* _Exercise_: Could you filter the records below and keep only the lines with the word "aligned"?

* _Given data_:
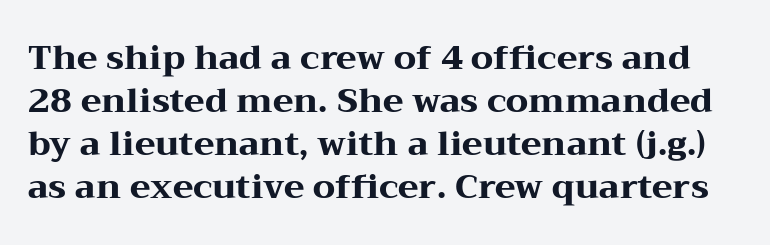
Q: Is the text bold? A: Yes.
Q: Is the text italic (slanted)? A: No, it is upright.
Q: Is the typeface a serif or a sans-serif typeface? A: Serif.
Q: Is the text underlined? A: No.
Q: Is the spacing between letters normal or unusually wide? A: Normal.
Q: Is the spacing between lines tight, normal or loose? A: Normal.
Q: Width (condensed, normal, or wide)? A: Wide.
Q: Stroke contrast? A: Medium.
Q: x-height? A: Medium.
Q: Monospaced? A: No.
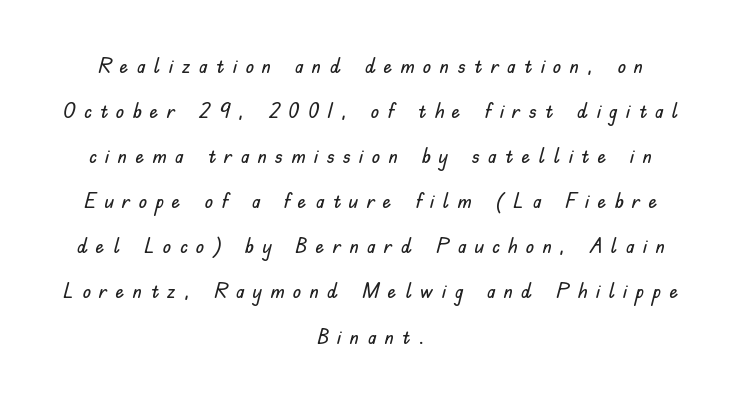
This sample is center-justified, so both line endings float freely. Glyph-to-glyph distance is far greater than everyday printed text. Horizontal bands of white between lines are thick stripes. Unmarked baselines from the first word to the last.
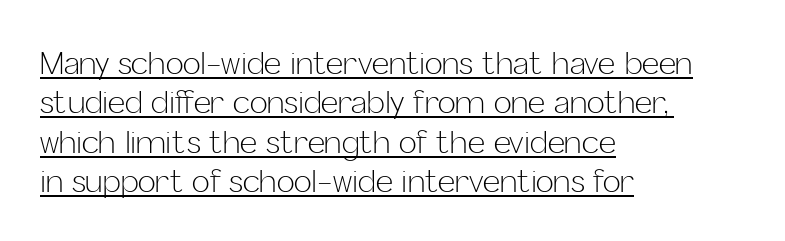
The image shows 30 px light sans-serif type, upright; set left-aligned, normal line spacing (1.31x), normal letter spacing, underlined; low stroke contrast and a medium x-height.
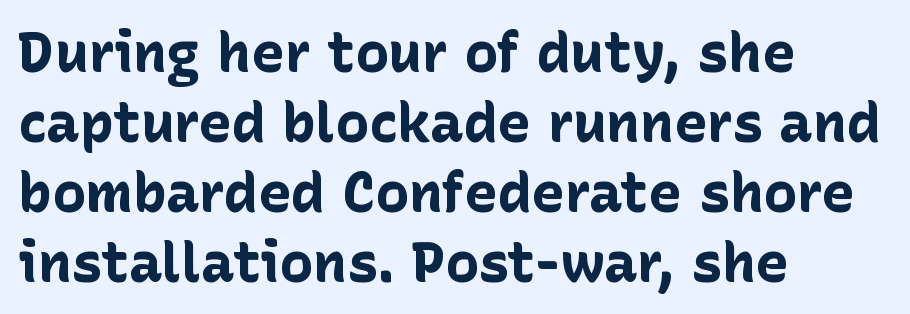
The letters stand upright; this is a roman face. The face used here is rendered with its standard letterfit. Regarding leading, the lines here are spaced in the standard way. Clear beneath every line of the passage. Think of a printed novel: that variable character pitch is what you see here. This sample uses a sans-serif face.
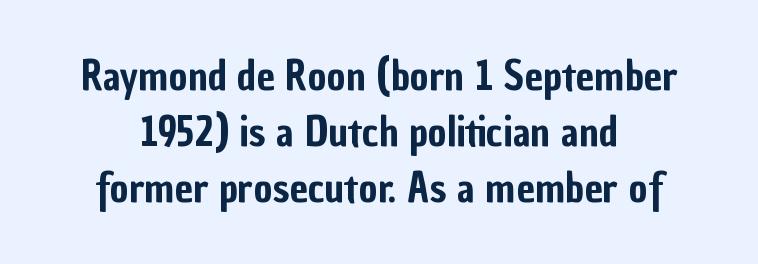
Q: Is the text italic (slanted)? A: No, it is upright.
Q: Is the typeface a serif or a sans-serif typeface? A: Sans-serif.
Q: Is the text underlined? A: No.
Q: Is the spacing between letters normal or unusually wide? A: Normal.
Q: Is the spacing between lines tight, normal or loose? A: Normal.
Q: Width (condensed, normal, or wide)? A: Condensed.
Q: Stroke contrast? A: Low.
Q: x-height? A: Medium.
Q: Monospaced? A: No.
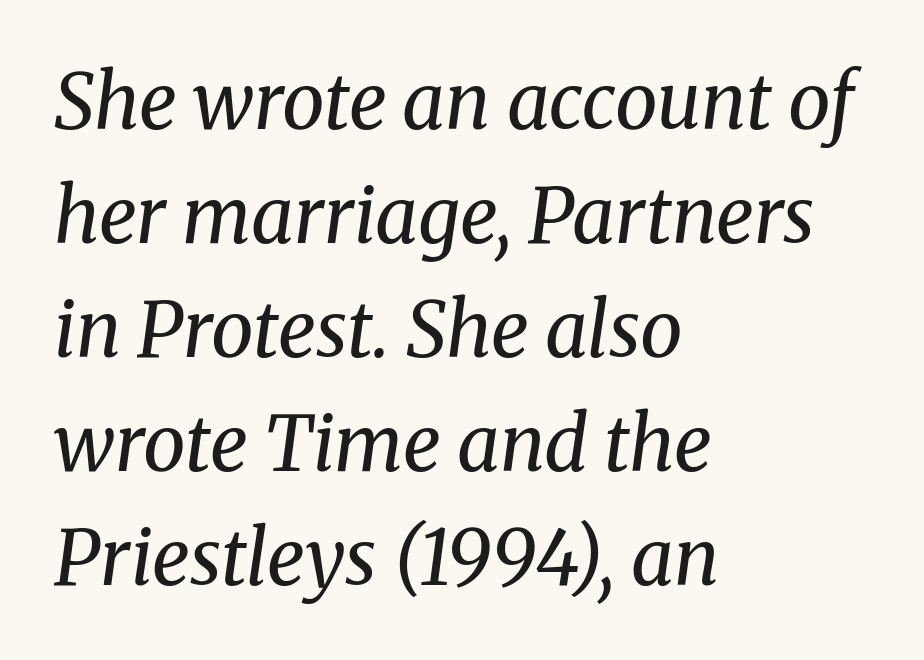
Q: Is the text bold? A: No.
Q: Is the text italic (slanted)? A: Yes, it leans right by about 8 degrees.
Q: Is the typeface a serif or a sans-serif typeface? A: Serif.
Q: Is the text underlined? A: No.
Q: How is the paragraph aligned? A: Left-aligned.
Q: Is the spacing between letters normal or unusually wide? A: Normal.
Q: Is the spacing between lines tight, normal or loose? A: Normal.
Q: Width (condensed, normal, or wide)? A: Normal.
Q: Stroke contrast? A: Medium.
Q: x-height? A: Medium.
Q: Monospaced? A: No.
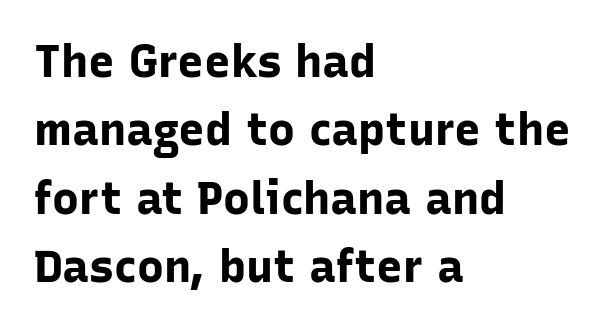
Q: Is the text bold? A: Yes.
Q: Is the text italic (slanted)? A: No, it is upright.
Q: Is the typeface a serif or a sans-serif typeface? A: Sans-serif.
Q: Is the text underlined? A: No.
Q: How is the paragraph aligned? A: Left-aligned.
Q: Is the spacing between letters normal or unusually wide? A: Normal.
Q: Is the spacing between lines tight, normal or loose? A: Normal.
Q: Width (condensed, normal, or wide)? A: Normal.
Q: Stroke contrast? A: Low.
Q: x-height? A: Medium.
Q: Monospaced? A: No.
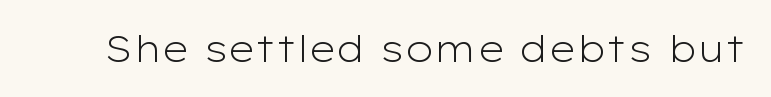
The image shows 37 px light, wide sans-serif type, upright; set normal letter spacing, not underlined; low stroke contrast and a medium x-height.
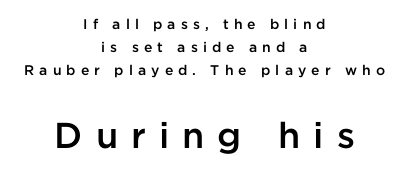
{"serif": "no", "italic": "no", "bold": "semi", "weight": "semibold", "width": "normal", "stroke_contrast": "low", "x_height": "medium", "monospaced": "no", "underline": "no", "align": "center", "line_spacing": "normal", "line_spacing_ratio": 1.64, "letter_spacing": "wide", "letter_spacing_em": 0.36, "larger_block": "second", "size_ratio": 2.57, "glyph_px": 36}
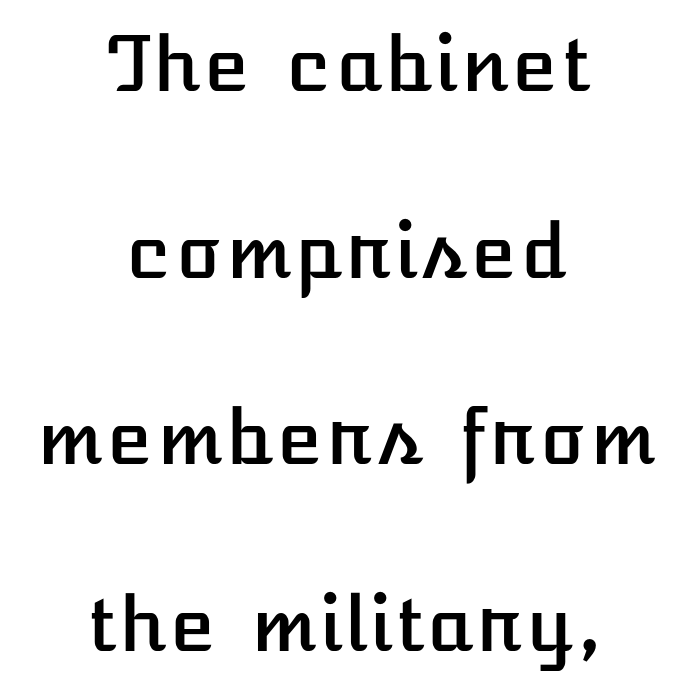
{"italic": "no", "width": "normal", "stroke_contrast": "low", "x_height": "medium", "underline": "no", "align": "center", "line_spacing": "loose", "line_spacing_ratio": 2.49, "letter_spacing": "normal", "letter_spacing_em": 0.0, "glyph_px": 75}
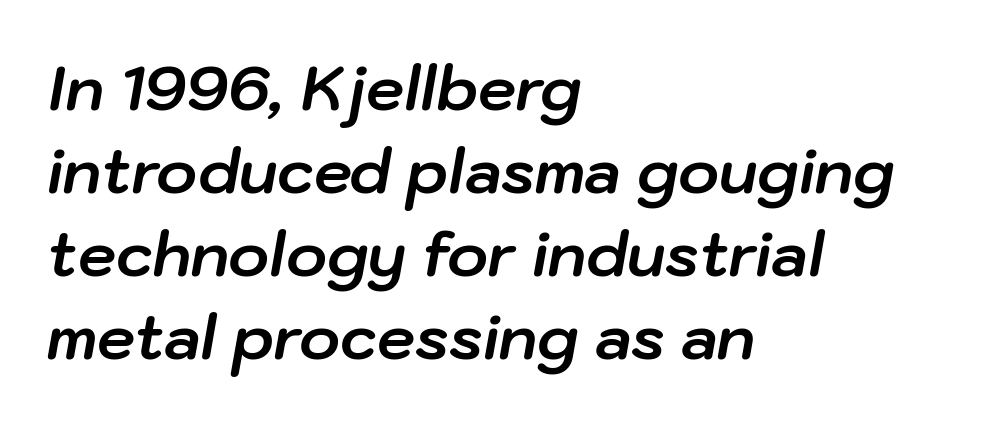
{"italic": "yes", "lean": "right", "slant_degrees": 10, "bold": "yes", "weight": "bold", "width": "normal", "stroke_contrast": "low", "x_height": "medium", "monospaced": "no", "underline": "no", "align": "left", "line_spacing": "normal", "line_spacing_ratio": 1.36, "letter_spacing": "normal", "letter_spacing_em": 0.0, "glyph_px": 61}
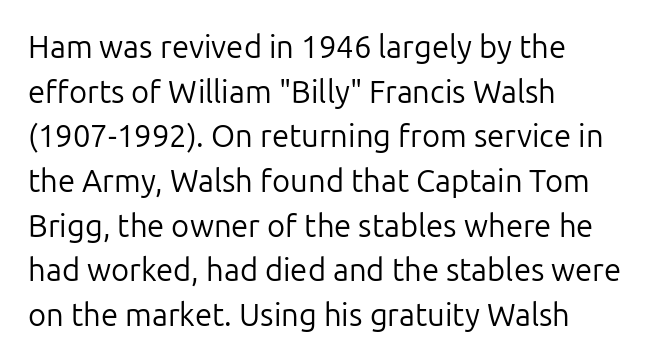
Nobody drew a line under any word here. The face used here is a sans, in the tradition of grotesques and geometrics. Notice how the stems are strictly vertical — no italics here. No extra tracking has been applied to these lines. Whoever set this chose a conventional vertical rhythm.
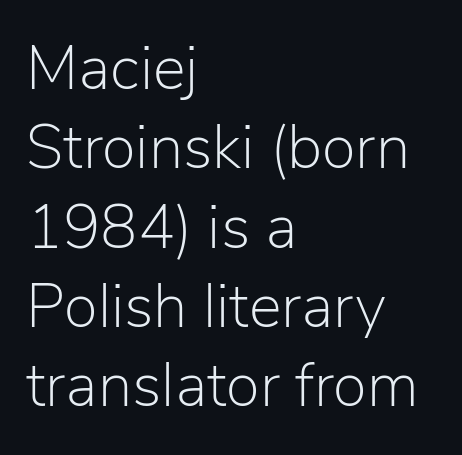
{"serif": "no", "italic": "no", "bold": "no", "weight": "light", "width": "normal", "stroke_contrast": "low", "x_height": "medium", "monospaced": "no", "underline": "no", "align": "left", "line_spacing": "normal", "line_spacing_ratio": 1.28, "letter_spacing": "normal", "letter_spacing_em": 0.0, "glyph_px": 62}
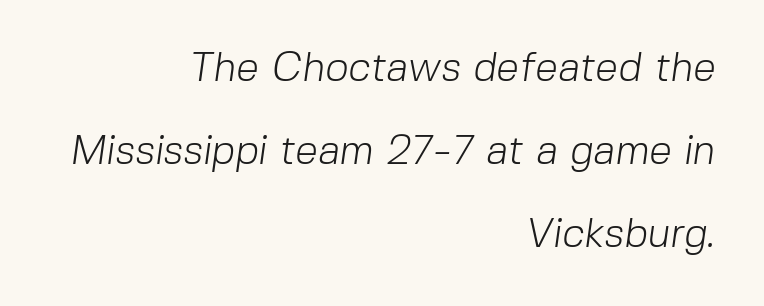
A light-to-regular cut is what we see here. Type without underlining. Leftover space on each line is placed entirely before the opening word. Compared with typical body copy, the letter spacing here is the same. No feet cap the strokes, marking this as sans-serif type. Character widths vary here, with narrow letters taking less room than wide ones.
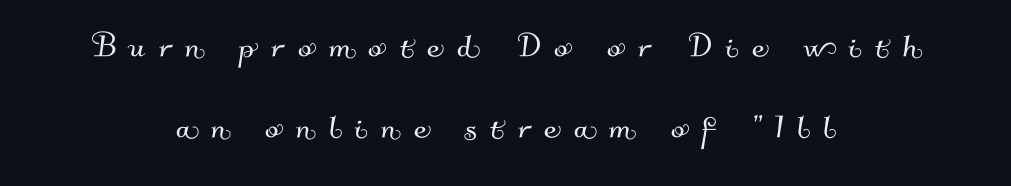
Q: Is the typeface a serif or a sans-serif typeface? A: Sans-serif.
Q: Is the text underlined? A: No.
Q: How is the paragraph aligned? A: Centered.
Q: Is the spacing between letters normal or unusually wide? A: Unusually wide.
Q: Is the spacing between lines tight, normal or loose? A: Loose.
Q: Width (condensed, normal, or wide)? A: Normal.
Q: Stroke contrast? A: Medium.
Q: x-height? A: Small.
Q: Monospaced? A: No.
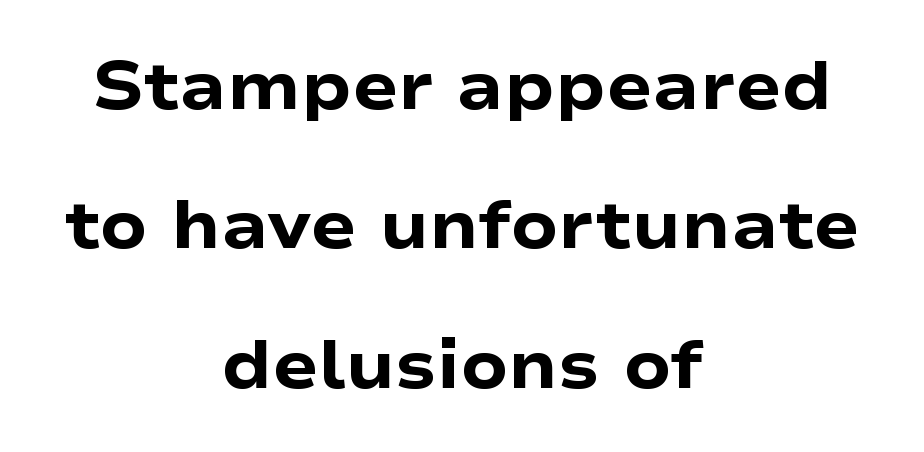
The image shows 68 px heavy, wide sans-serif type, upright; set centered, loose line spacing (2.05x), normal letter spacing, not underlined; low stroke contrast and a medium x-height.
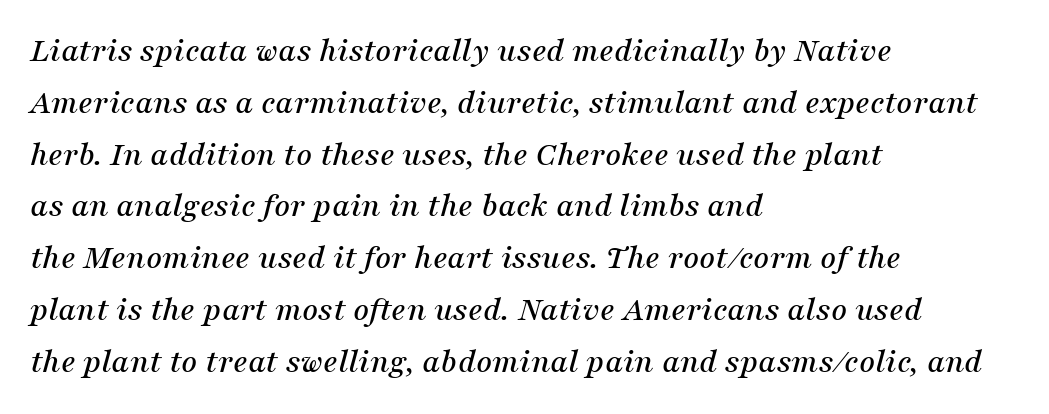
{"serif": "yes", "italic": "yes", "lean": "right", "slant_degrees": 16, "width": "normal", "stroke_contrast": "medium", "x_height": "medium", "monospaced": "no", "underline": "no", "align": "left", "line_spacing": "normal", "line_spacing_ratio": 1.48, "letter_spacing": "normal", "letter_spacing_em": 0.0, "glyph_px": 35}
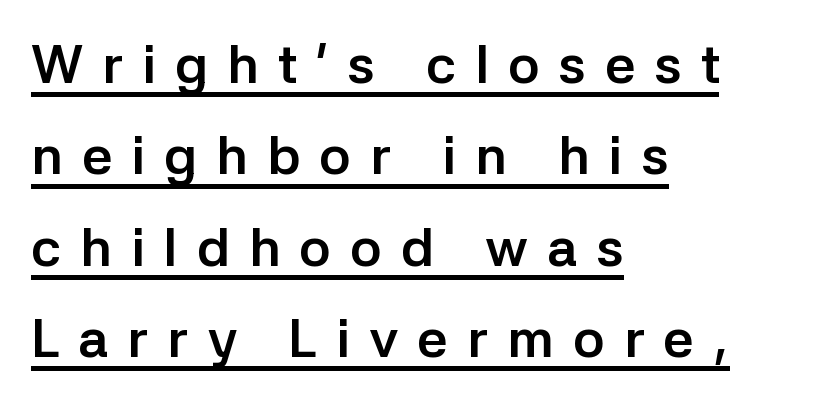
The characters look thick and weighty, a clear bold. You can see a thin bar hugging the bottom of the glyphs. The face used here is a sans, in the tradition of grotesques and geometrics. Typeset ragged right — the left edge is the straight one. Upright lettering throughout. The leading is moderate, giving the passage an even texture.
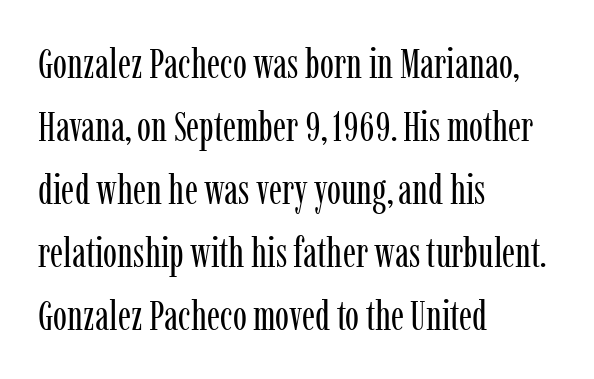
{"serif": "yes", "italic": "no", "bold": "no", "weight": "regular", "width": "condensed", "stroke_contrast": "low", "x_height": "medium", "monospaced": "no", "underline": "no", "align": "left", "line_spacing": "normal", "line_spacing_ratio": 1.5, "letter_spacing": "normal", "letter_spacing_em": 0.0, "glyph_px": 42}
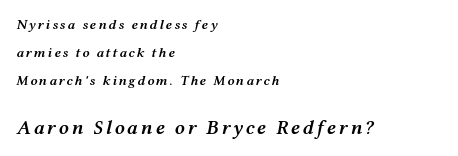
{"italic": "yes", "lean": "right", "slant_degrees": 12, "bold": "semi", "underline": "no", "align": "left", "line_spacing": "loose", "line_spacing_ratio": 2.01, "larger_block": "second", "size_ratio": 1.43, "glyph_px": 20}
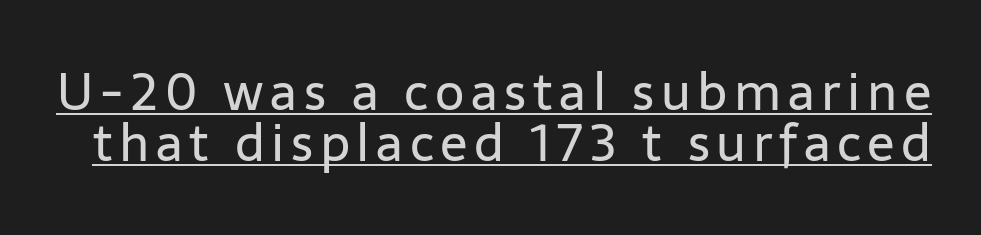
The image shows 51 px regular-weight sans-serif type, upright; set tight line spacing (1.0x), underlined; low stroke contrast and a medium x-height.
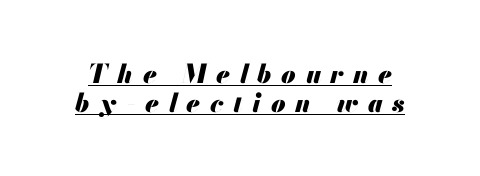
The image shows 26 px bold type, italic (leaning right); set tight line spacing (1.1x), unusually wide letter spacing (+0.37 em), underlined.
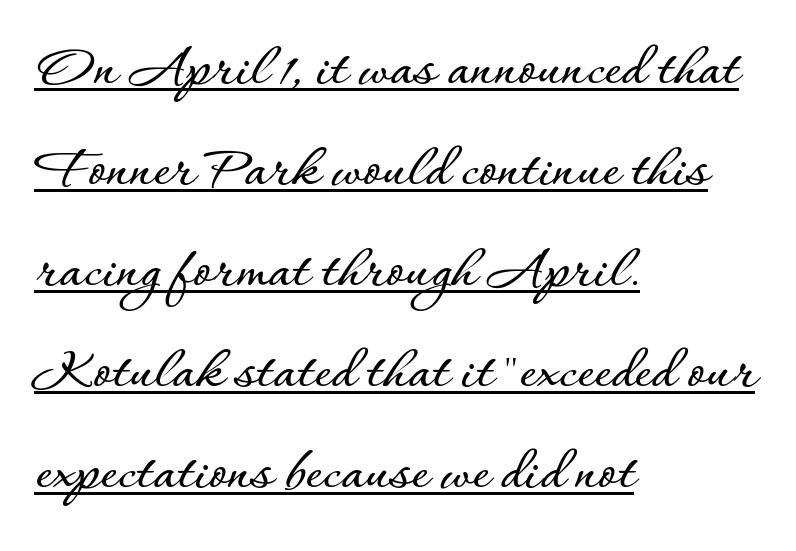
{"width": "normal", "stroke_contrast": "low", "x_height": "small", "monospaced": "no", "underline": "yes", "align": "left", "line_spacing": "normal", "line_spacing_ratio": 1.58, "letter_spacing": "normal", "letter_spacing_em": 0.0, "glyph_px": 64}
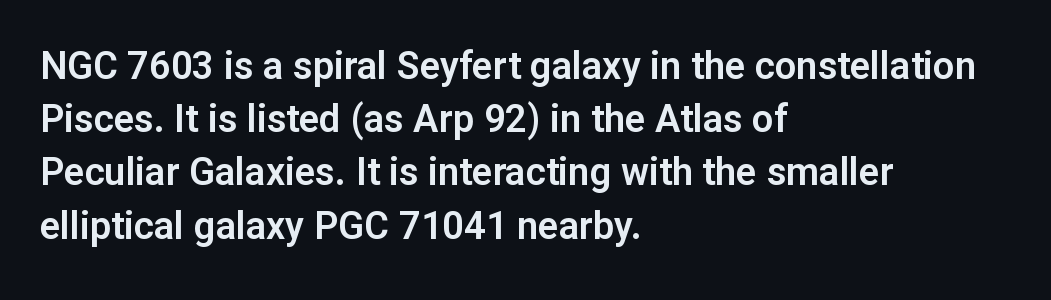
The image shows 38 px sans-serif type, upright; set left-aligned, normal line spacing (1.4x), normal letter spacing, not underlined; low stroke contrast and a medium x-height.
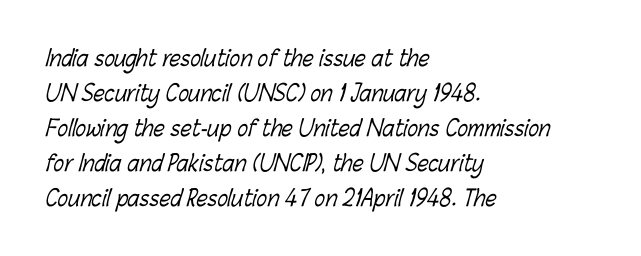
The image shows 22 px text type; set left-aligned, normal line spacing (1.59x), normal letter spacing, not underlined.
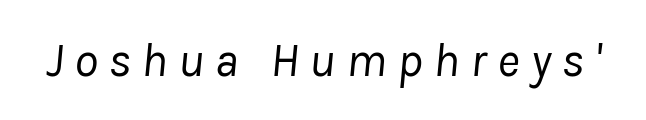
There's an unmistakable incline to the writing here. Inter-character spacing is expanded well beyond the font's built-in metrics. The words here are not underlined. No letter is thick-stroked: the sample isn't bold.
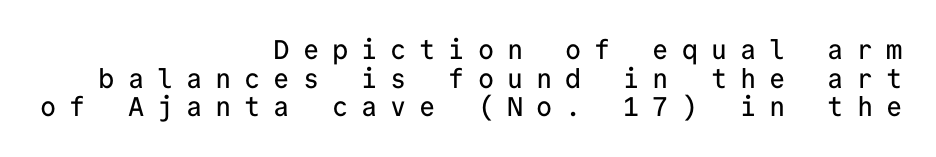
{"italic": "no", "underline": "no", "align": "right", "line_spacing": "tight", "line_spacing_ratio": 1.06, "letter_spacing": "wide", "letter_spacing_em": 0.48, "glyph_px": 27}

* _Response to the exercise_:
The image shows 30 px light sans-serif type, upright; set left-aligned, normal line spacing (1.31x), normal letter spacing, underlined; low stroke contrast and a medium x-height.
Q: How is the paragraph aligned? A: Left-aligned.
Q: How is the paragraph aligned? A: Left-aligned.
Q: How is the paragraph aligned? A: Centered.
The image shows 38 px sans-serif type, upright; set left-aligned, normal line spacing (1.4x), normal letter spacing, not underlined; low stroke contrast and a medium x-height.
The image shows 22 px text type; set left-aligned, normal line spacing (1.59x), normal letter spacing, not underlined.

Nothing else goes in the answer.